**Data items:**
....

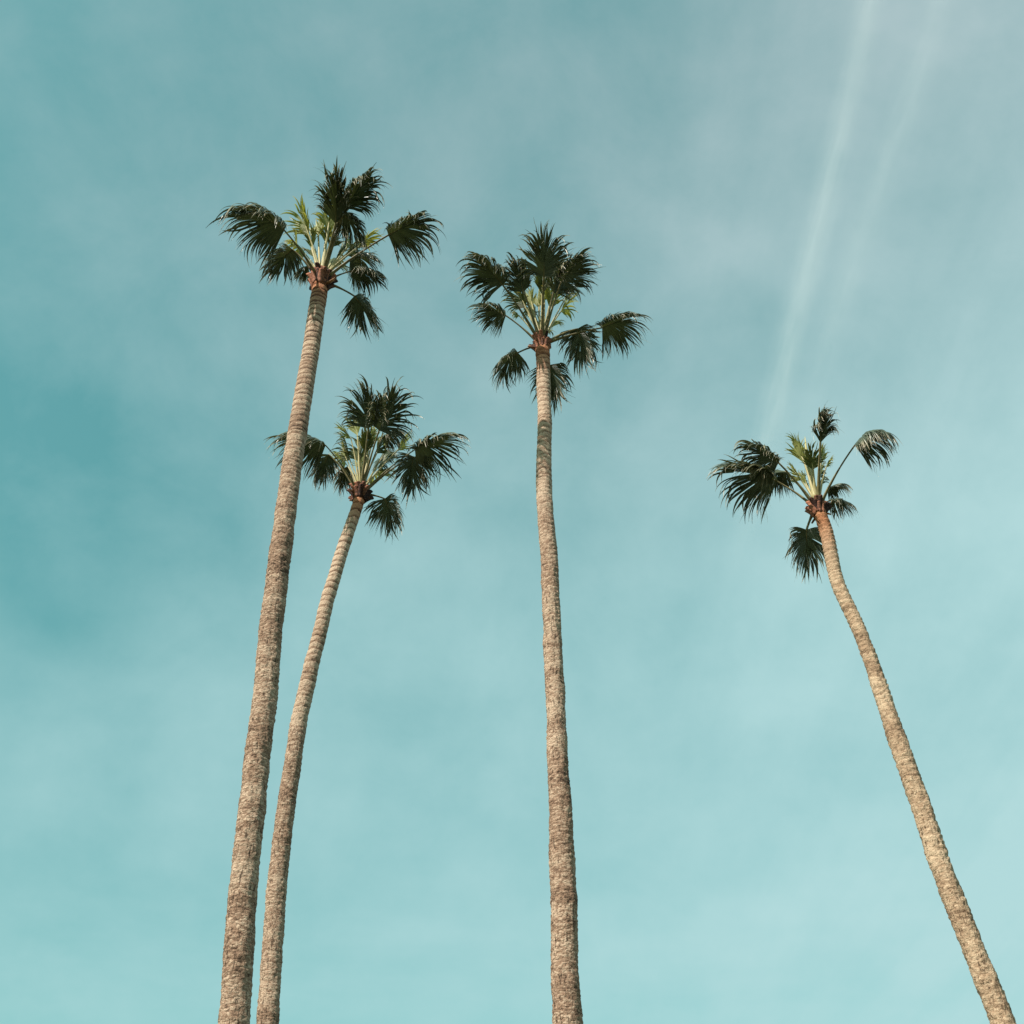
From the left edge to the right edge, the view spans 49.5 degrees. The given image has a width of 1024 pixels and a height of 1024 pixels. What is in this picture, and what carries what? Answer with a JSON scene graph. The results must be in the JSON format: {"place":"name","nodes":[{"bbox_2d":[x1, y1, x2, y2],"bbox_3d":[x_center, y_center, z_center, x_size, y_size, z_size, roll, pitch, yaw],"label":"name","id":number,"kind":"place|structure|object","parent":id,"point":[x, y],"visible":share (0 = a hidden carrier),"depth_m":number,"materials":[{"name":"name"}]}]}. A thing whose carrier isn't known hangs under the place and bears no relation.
{"place":"outdoors","nodes":[
{"label":"outdoors","id":0,"kind":"place"},
{"bbox_2d":[206,159,443,1023],"bbox_3d":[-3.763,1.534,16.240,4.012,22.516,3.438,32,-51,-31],"label":"palm tree","id":1,"kind":"object","parent":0,"point":[338,202],"visible":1,"depth_m":20.05,"materials":[{"name":"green plant"}]},
{"bbox_2d":[256,373,470,1023],"bbox_3d":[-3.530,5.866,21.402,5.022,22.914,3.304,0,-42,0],"label":"palm tree","id":2,"kind":"object","parent":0,"point":[378,414],"visible":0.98,"depth_m":27.59,"materials":[{"name":"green plant"}]},
{"bbox_2d":[0,0,1023,1023],"label":"sky","id":3,"kind":"structure","parent":0,"point":[807,206],"materials":[{"name":"teal"}]},
{"bbox_2d":[456,217,651,1023],"bbox_3d":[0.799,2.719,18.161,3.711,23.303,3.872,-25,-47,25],"label":"palm tree","id":4,"kind":"object","parent":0,"point":[550,268],"visible":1,"depth_m":23.56,"materials":[{"name":"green plant"}]},
{"bbox_2d":[706,406,1015,1023],"bbox_3d":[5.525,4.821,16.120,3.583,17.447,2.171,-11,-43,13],"label":"palm tree","id":5,"kind":"object","parent":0,"point":[765,479],"visible":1,"depth_m":19.70,"materials":[{"name":"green plant"}]}
]}

....

**What is being asked:** A verbatim copy of the entries, stripped of pictures, should be produced.

**Solution:**
From the left edge to the right edge, the view spans 49.5 degrees. The given image has a width of 1024 pixels and a height of 1024 pixels. What is in this picture, and what carries what? Answer with a JSON scene graph. The results must be in the JSON format: {"place":"name","nodes":[{"bbox_2d":[x1, y1, x2, y2],"bbox_3d":[x_center, y_center, z_center, x_size, y_size, z_size, roll, pitch, yaw],"label":"name","id":number,"kind":"place|structure|object","parent":id,"point":[x, y],"visible":share (0 = a hidden carrier),"depth_m":number,"materials":[{"name":"name"}]}]}. A thing whose carrier isn't known hangs under the place and bears no relation.
{"place":"outdoors","nodes":[
{"label":"outdoors","id":0,"kind":"place"},
{"bbox_2d":[206,159,443,1023],"bbox_3d":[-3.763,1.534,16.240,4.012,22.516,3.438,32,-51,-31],"label":"palm tree","id":1,"kind":"object","parent":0,"point":[338,202],"visible":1,"depth_m":20.05,"materials":[{"name":"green plant"}]},
{"bbox_2d":[256,373,470,1023],"bbox_3d":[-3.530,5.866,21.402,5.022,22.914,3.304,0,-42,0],"label":"palm tree","id":2,"kind":"object","parent":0,"point":[378,414],"visible":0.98,"depth_m":27.59,"materials":[{"name":"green plant"}]},
{"bbox_2d":[0,0,1023,1023],"label":"sky","id":3,"kind":"structure","parent":0,"point":[807,206],"materials":[{"name":"teal"}]},
{"bbox_2d":[456,217,651,1023],"bbox_3d":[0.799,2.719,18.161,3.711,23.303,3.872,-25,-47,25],"label":"palm tree","id":4,"kind":"object","parent":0,"point":[550,268],"visible":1,"depth_m":23.56,"materials":[{"name":"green plant"}]},
{"bbox_2d":[706,406,1015,1023],"bbox_3d":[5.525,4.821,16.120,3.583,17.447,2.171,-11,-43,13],"label":"palm tree","id":5,"kind":"object","parent":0,"point":[765,479],"visible":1,"depth_m":19.70,"materials":[{"name":"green plant"}]}
]}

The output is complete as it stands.